-- Task prompt --
The whole listing that follows, pictures excepted, should be printed again exactly as given.

-- Records to process --
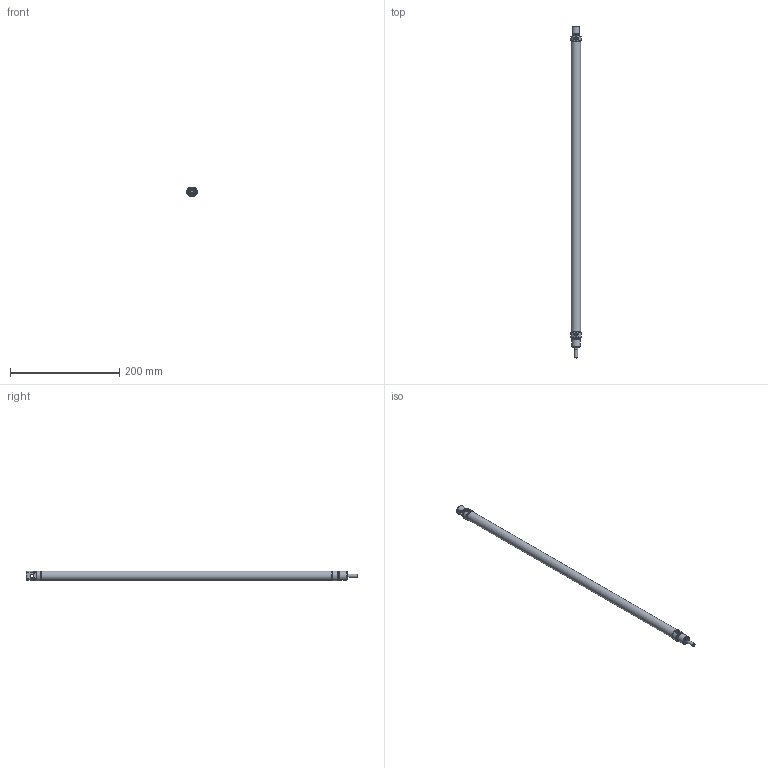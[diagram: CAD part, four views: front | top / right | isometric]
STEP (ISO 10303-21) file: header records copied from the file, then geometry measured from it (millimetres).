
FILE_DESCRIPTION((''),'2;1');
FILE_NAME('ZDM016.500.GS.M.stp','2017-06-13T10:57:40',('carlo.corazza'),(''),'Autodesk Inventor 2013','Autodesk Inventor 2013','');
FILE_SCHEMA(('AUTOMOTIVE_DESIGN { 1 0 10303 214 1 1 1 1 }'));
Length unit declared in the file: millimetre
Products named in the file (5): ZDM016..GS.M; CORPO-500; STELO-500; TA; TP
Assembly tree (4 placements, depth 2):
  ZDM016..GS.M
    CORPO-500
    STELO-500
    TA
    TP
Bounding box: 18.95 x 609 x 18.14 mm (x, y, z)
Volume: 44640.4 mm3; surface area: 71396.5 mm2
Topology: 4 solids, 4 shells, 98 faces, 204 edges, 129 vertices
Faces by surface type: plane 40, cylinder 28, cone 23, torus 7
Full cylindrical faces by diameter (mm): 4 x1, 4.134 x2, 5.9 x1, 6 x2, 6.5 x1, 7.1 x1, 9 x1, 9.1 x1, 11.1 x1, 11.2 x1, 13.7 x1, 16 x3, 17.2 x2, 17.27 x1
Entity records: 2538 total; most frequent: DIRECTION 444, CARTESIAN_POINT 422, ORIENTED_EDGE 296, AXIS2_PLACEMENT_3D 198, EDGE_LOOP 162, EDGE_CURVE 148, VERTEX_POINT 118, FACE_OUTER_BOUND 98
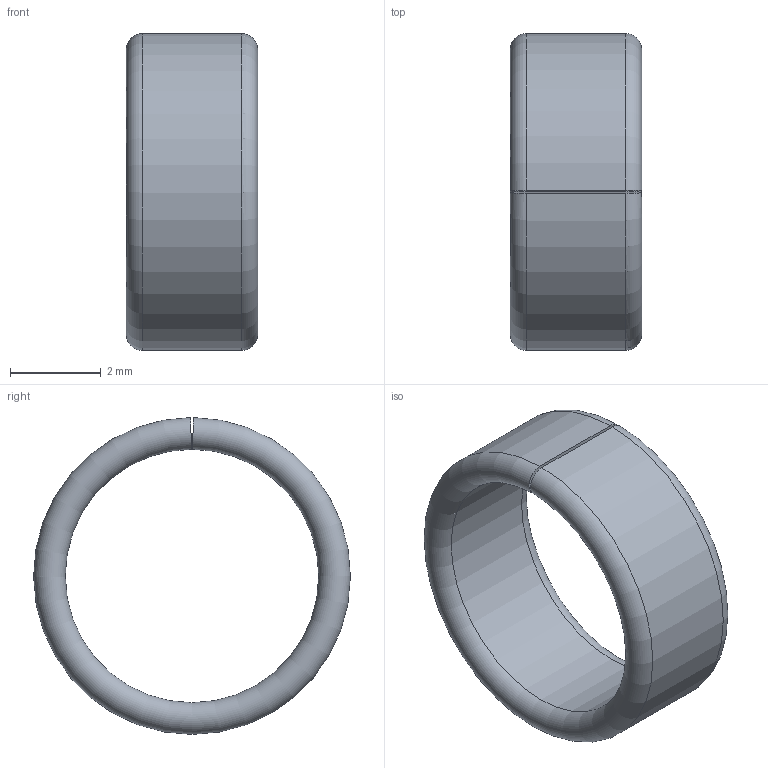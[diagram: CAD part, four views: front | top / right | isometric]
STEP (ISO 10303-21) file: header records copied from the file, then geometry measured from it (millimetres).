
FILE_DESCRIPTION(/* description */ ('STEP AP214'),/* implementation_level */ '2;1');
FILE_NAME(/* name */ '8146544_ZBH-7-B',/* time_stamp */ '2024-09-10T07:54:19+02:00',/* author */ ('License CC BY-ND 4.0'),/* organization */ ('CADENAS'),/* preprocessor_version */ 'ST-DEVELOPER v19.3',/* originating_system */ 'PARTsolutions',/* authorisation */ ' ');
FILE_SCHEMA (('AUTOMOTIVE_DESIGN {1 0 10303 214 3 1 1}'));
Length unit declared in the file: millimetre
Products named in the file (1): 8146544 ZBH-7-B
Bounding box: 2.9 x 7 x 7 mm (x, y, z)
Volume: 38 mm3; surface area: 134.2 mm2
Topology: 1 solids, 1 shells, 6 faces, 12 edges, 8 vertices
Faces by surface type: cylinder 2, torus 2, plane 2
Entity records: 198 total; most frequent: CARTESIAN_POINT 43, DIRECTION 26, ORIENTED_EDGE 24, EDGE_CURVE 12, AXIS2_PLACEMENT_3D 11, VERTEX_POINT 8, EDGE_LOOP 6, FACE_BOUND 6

-- Answer section --
[diagram: CAD part, four views: front | top / right | isometric]
STEP (ISO 10303-21) file: header records copied from the file, then geometry measured from it (millimetres).
FILE_DESCRIPTION((''),'2;1');
FILE_NAME('ZDM016.500.GS.M.stp','2017-06-13T10:57:40',('carlo.corazza'),(''),'Autodesk Inventor 2013','Autodesk Inventor 2013','');
FILE_SCHEMA(('AUTOMOTIVE_DESIGN { 1 0 10303 214 1 1 1 1 }'));
Length unit declared in the file: millimetre
Products named in the file (5): ZDM016..GS.M; CORPO-500; STELO-500; TA; TP
Assembly tree (4 placements, depth 2):
  ZDM016..GS.M
    CORPO-500
    STELO-500
    TA
    TP
Bounding box: 18.95 x 609 x 18.14 mm (x, y, z)
Volume: 44640.4 mm3; surface area: 71396.5 mm2
Topology: 4 solids, 4 shells, 98 faces, 204 edges, 129 vertices
Faces by surface type: plane 40, cylinder 28, cone 23, torus 7
Full cylindrical faces by diameter (mm): 4 x1, 4.134 x2, 5.9 x1, 6 x2, 6.5 x1, 7.1 x1, 9 x1, 9.1 x1, 11.1 x1, 11.2 x1, 13.7 x1, 16 x3, 17.2 x2, 17.27 x1
Entity records: 2538 total; most frequent: DIRECTION 444, CARTESIAN_POINT 422, ORIENTED_EDGE 296, AXIS2_PLACEMENT_3D 198, EDGE_LOOP 162, EDGE_CURVE 148, VERTEX_POINT 118, FACE_OUTER_BOUND 98
[diagram: CAD part, four views: front | top / right | isometric]
STEP (ISO 10303-21) file: header records copied from the file, then geometry measured from it (millimetres).
FILE_DESCRIPTION(/* description */ ('STEP AP214'),/* implementation_level */ '2;1');
FILE_NAME(/* name */ '8146544_ZBH-7-B',/* time_stamp */ '2024-09-10T07:54:19+02:00',/* author */ ('License CC BY-ND 4.0'),/* organization */ ('CADENAS'),/* preprocessor_version */ 'ST-DEVELOPER v19.3',/* originating_system */ 'PARTsolutions',/* authorisation */ ' ');
FILE_SCHEMA (('AUTOMOTIVE_DESIGN {1 0 10303 214 3 1 1}'));
Length unit declared in the file: millimetre
Products named in the file (1): 8146544 ZBH-7-B
Bounding box: 2.9 x 7 x 7 mm (x, y, z)
Volume: 38 mm3; surface area: 134.2 mm2
Topology: 1 solids, 1 shells, 6 faces, 12 edges, 8 vertices
Faces by surface type: cylinder 2, torus 2, plane 2
Entity records: 198 total; most frequent: CARTESIAN_POINT 43, DIRECTION 26, ORIENTED_EDGE 24, EDGE_CURVE 12, AXIS2_PLACEMENT_3D 11, VERTEX_POINT 8, EDGE_LOOP 6, FACE_BOUND 6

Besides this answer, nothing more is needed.